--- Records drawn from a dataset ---
^^^^^^^^^^^^^^^^

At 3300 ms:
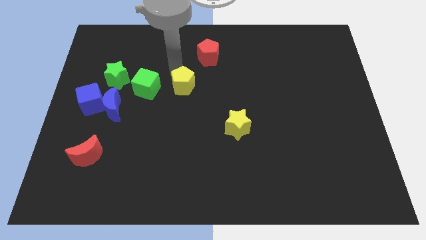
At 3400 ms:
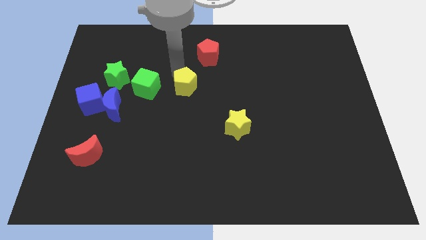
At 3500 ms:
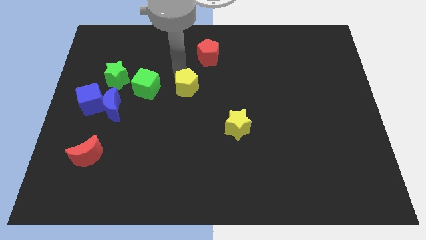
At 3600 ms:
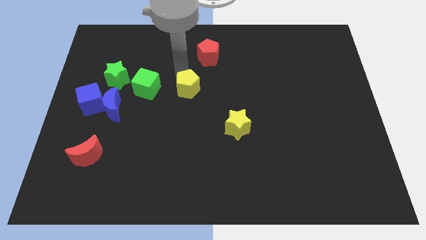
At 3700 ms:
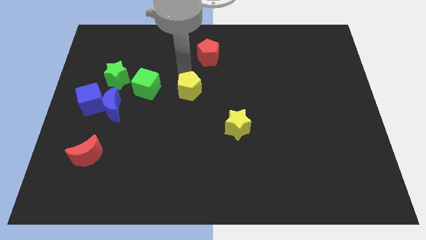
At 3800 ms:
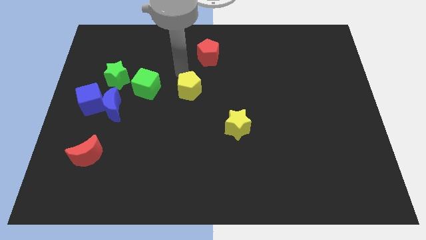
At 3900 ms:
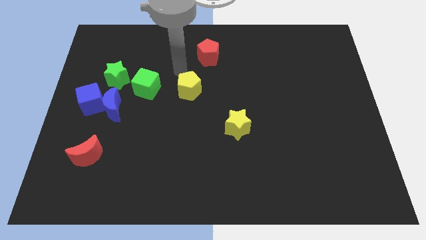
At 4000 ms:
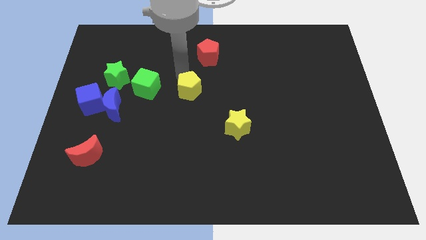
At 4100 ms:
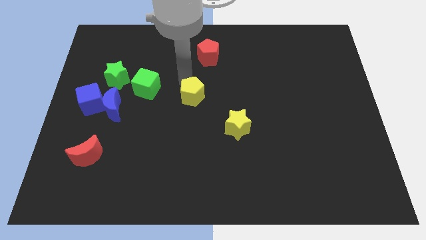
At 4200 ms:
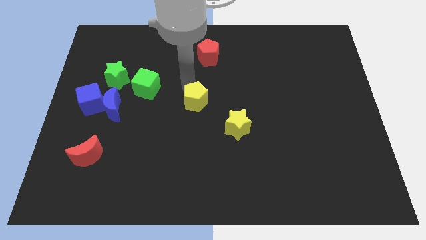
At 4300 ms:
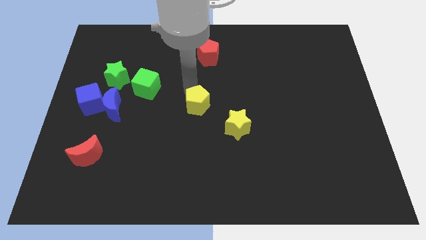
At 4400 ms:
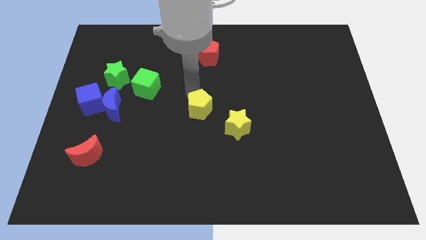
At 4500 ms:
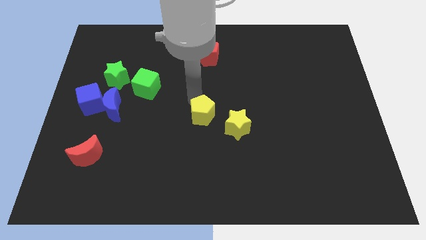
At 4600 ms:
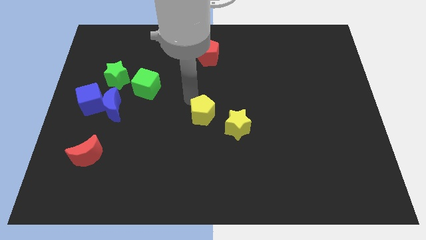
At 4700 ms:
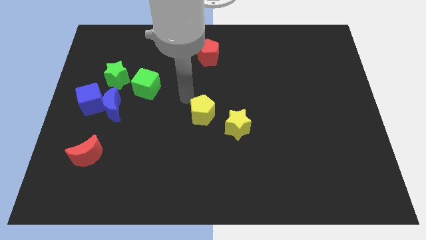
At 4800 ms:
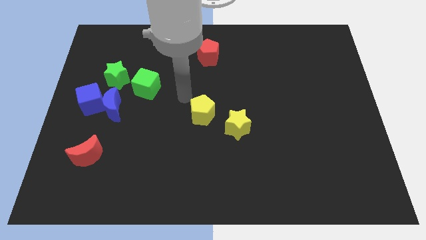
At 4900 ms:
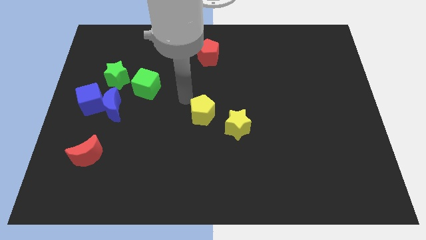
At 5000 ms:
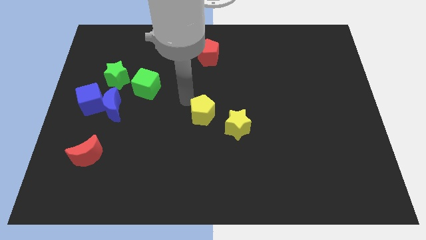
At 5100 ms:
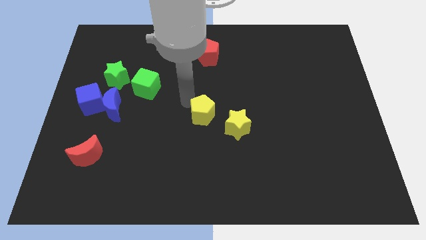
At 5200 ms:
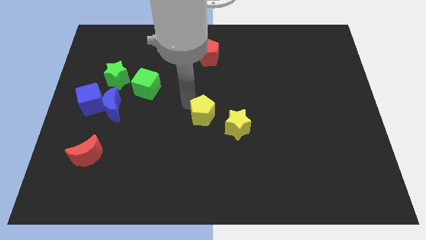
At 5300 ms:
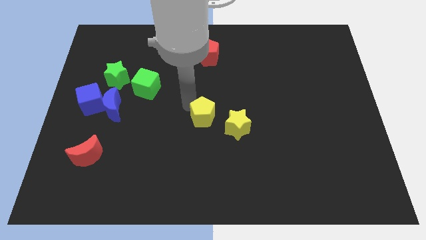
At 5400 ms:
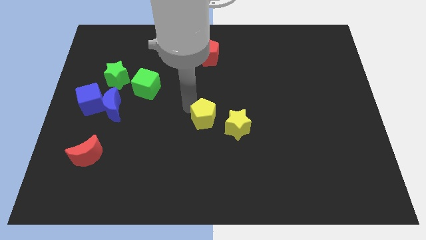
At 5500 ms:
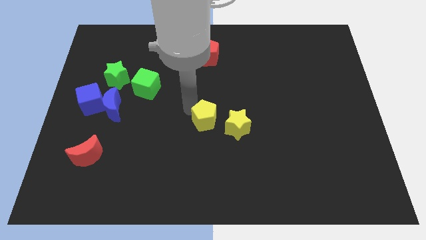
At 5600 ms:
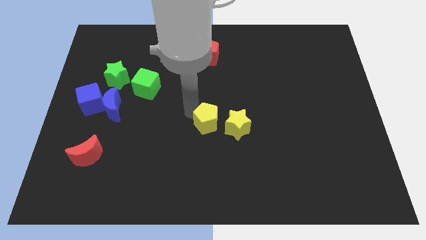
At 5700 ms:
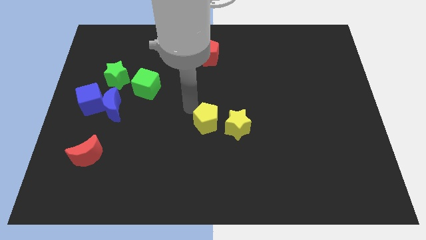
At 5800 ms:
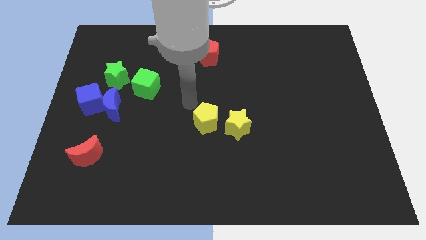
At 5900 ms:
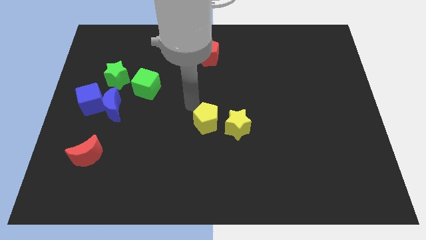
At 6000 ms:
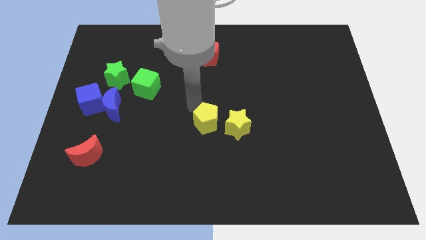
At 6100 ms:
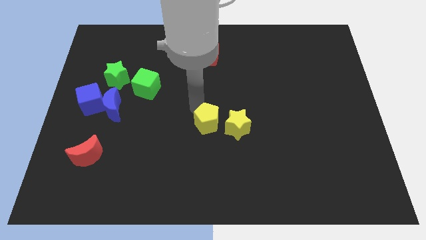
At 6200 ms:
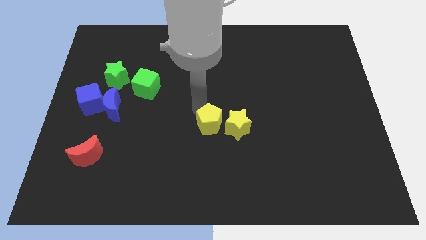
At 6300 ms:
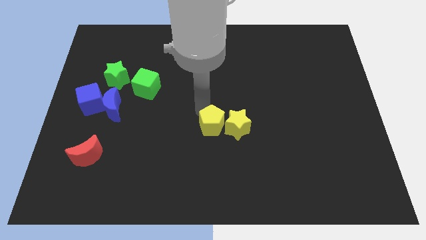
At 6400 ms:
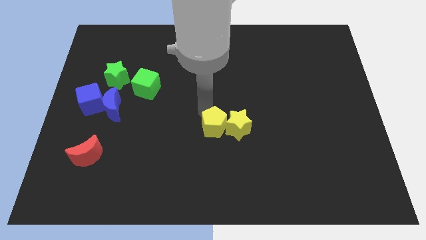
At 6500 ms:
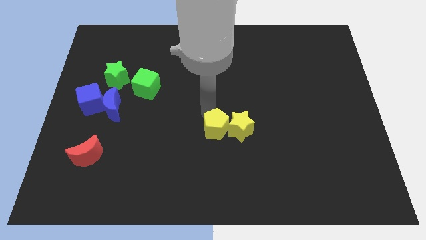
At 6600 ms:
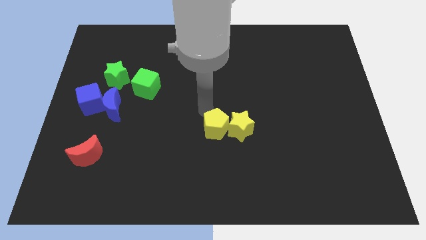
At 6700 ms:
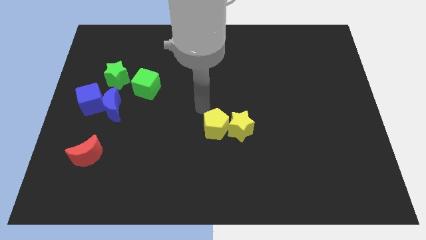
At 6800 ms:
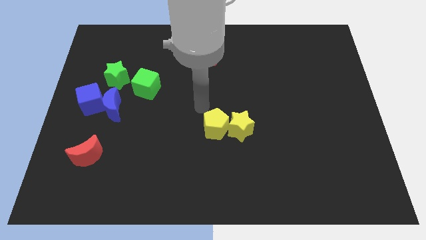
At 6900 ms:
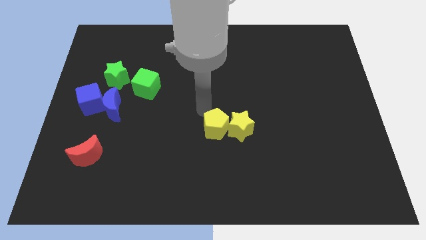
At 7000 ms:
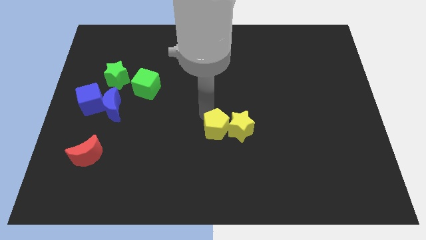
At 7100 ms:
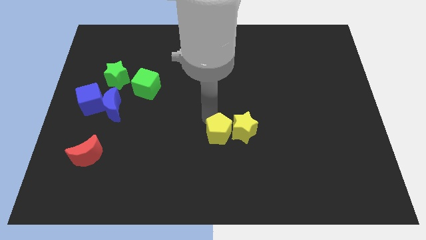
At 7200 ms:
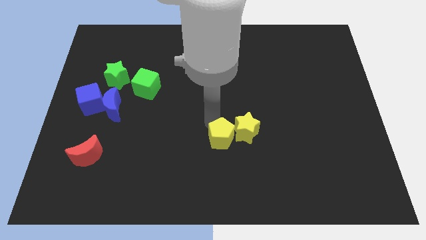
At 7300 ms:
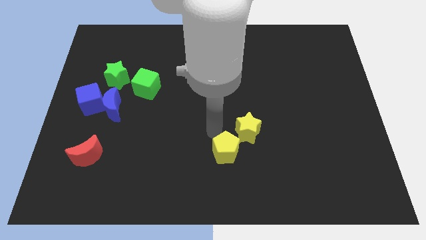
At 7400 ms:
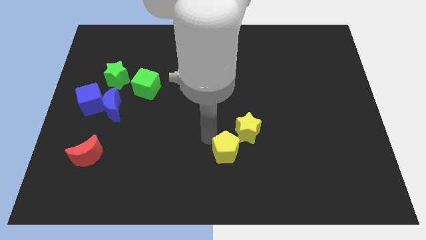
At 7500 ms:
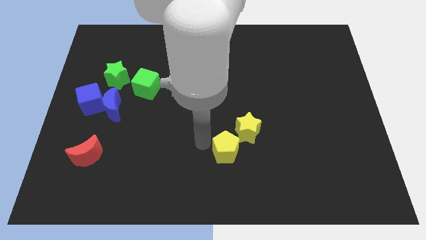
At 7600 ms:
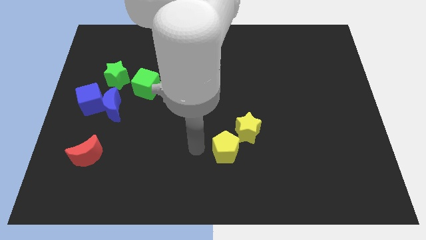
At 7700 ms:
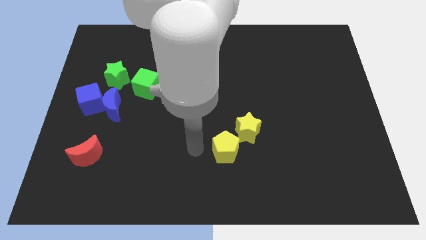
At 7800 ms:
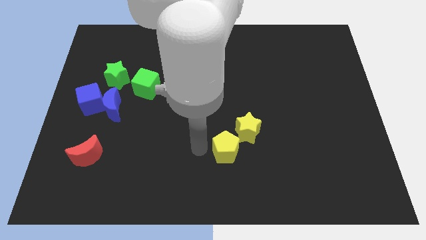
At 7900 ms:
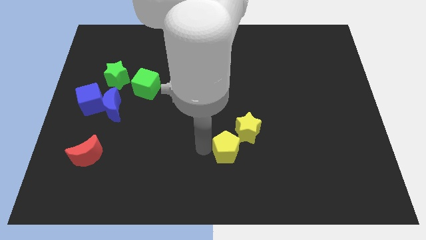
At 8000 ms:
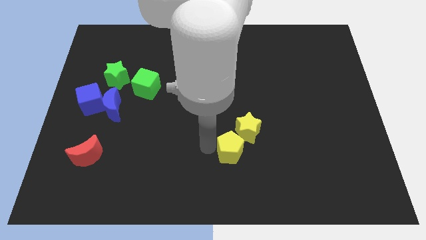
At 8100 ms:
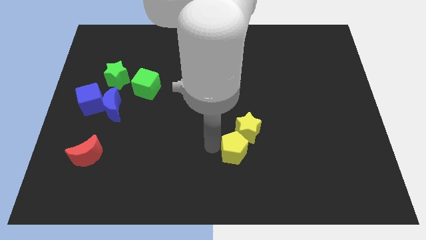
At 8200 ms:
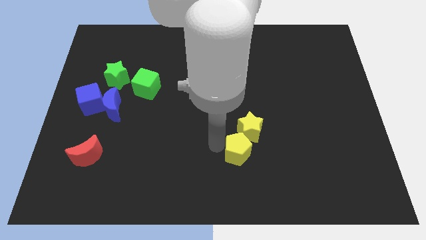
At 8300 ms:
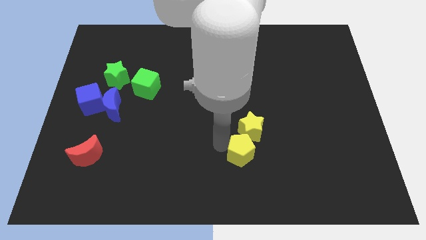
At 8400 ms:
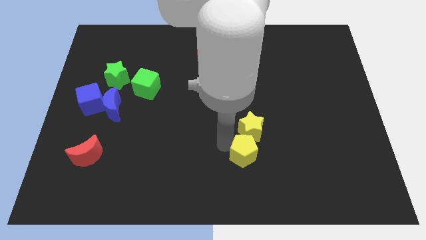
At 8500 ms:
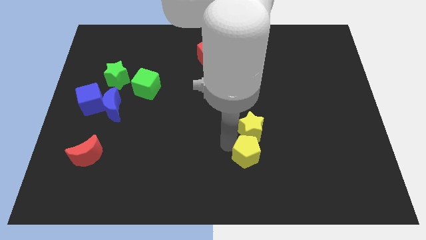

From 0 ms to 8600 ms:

^^^^^^^^^^^^^^^^

Your answer must be an exact copy of the records above, with no pictures included.

--- Completed exercise ---
At 3300 ms:
At 3400 ms:
At 3500 ms:
At 3600 ms:
At 3700 ms:
At 3800 ms:
At 3900 ms:
At 4000 ms:
At 4100 ms:
At 4200 ms:
At 4300 ms:
At 4400 ms:
At 4500 ms:
At 4600 ms:
At 4700 ms:
At 4800 ms:
At 4900 ms:
At 5000 ms:
At 5100 ms:
At 5200 ms:
At 5300 ms:
At 5400 ms:
At 5500 ms:
At 5600 ms:
At 5700 ms:
At 5800 ms:
At 5900 ms:
At 6000 ms:
At 6100 ms:
At 6200 ms:
At 6300 ms:
At 6400 ms:
At 6500 ms:
At 6600 ms:
At 6700 ms:
At 6800 ms:
At 6900 ms:
At 7000 ms:
At 7100 ms:
At 7200 ms:
At 7300 ms:
At 7400 ms:
At 7500 ms:
At 7600 ms:
At 7700 ms:
At 7800 ms:
At 7900 ms:
At 8000 ms:
At 8100 ms:
At 8200 ms:
At 8300 ms:
At 8400 ms:
At 8500 ms:

From 0 ms to 8600 ms:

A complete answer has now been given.